Le deuxième point sur lequel je souhaite insister concerne la prise en compte du risque d'inondation dans l'aménagement du territoire et l'urbanisme. Les inondations sont aggravées par l'artificialisation des sols, depuis des décennies. Entre 2006 et 2014, la France a perdu 490 000 hectares de terres agricoles, qui absorbaient les eaux de pluies et ne peuvent plus le faire. L'artificialisation des sols peut avoir des conséquences dramatiques pour les habitants de nombreux quartiers qui se trouvent confrontés à un risque accru d'inondation. Ainsi, à Ajaccio, les graves inondations de décembre 2019 et de juin 2020 ont montré les limites de la politique d'expansion urbaine de la commune. Il est aujourd'hui admis que l'urbanisation non maîtrisée sur ses hauteurs a accru la fréquence et la gravité des inondations.

D'une manière générale, les plans locaux d'urbanisme doivent mieux prendre en compte les risques d'inondation.

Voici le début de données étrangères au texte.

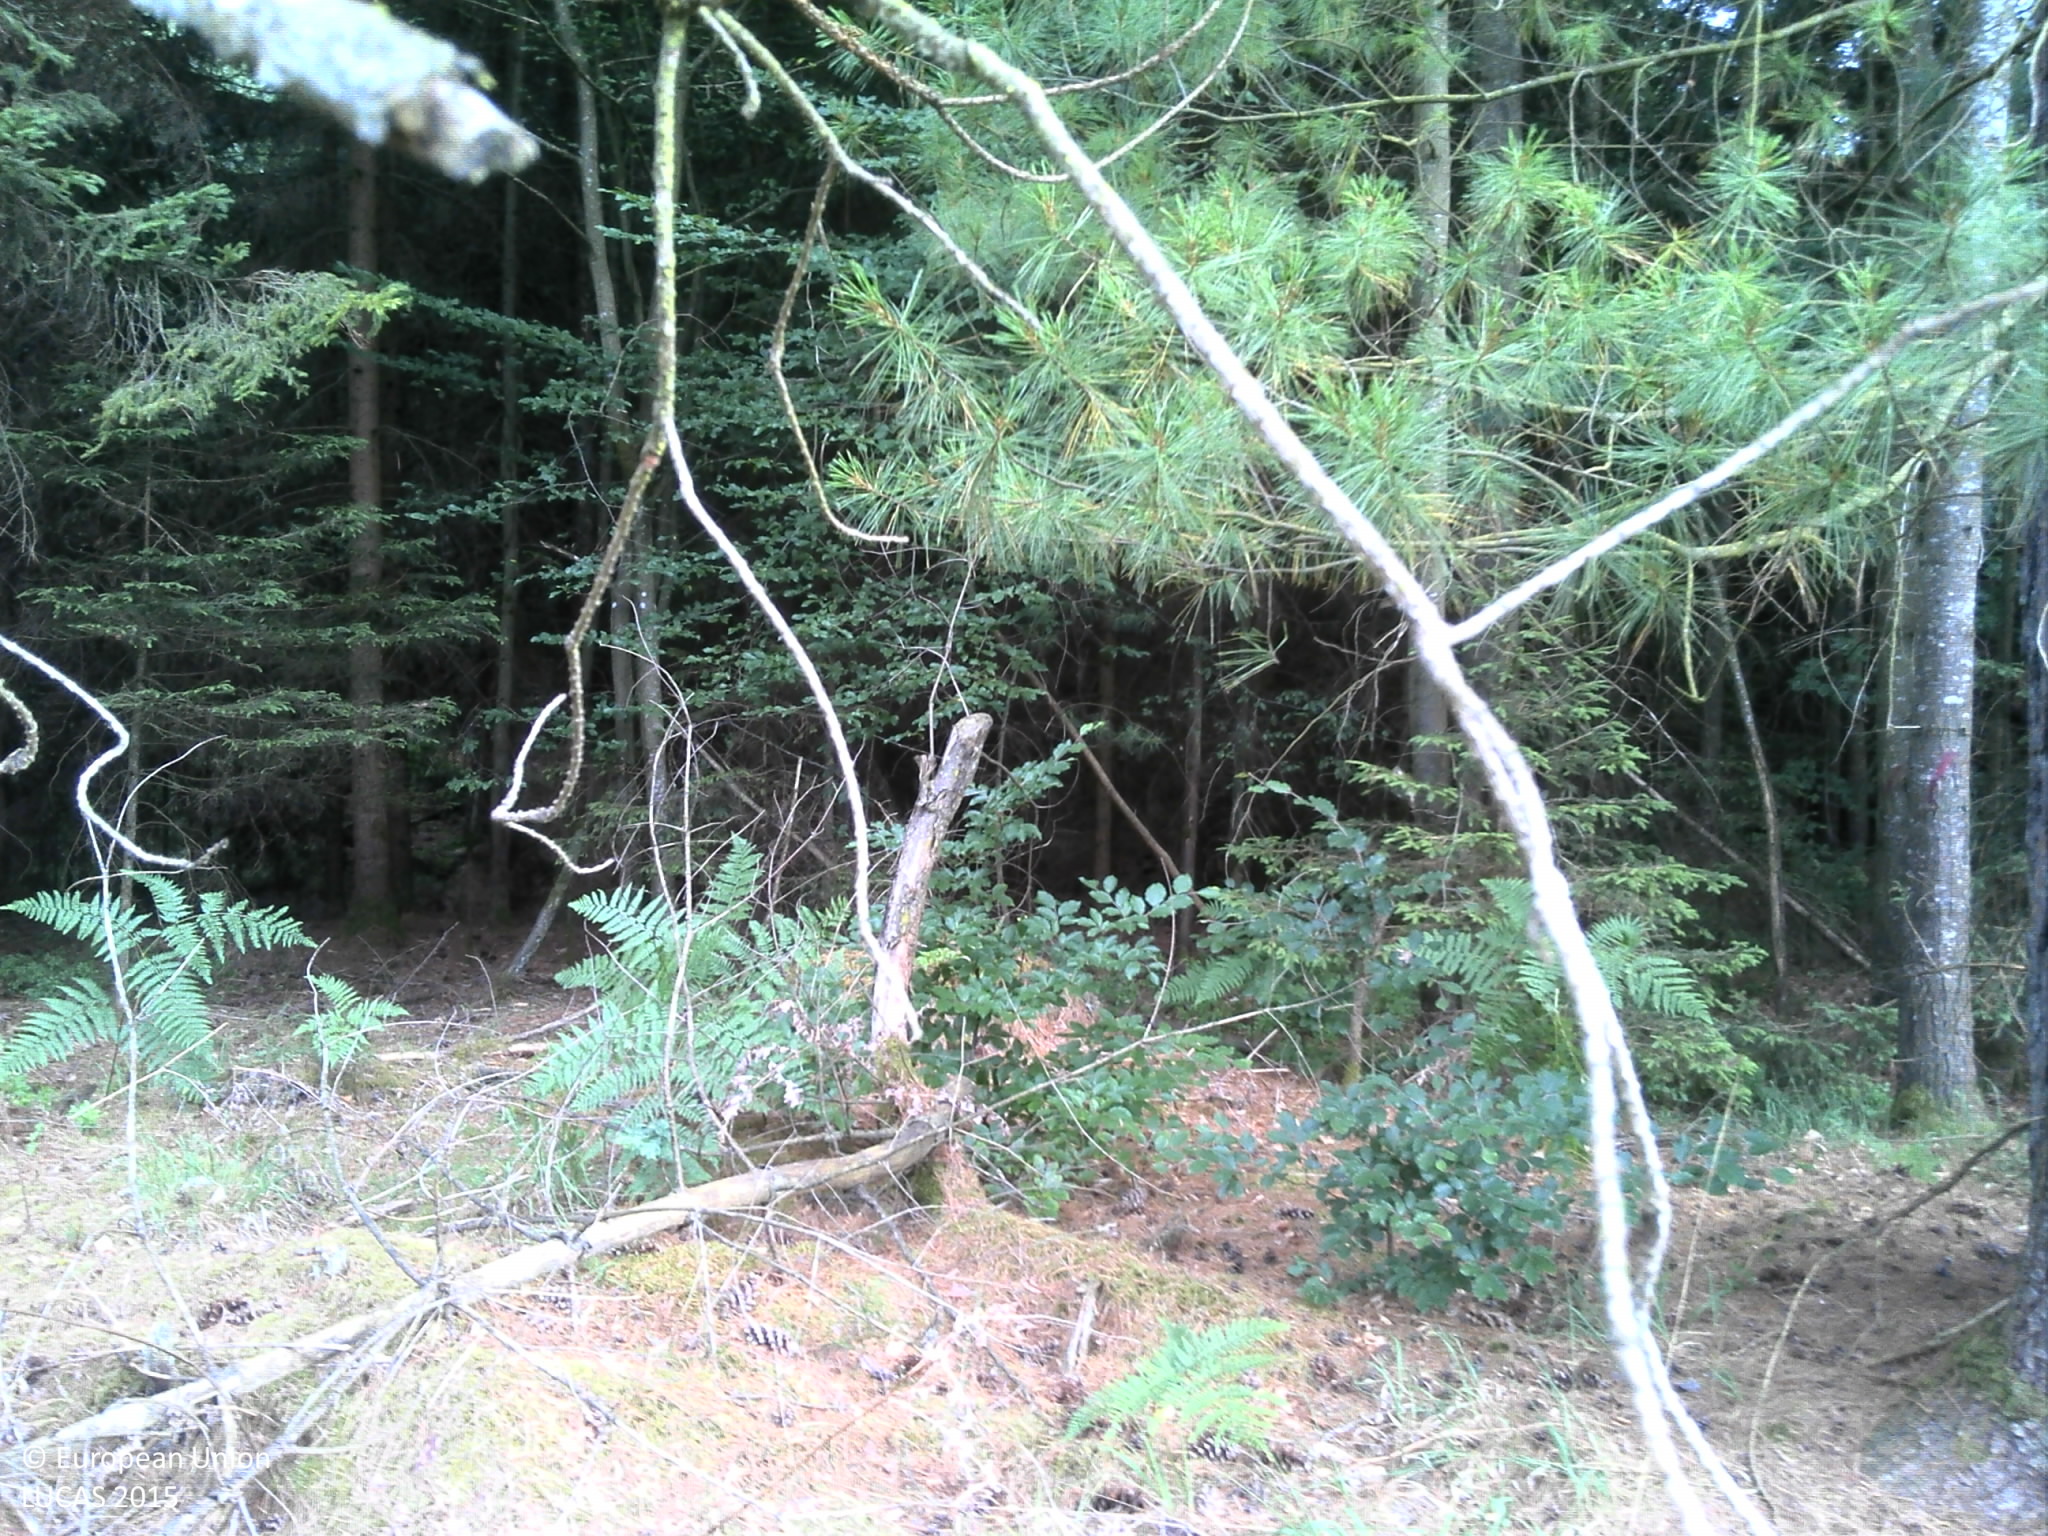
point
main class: Woodland
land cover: Spruce dominated coniferous woodland
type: hemiboreal forest and nemoral coniferous forest and mixed broadleaved-coniferous forest
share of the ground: > 75 %
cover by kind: coniferous forest trees 90 %, broadleaved forest trees 10 %
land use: Forestry
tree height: > 5 m
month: July
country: FR
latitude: 49.0052
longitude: 7.4989

À cet égard, je souhaiterais que le Conseil général de l'environnement et du développement durable (CGEDD) soit saisi afin de procéder à l'évaluation de la régularité, de la qualité et de l'efficacité des dispositifs de prévention des inondations en vigueur à Ajaccio. Son expertise a déjà été sollicitée dans les Alpes-Maritimes.

Enfin, la période qui suit une catastrophe climatique est souvent marquée par le souhait d'un retour à l'état préexistant, ce qui se traduit par des reconstructions à l'identique. Or cette période doit, au contraire, constituer une opportunité pour réaménager le territoire sinistré afin de réduire sa vulnérabilité à une nouvelle catastrophe climatique. Il est essentiel de mieux reconstruire après une inondation.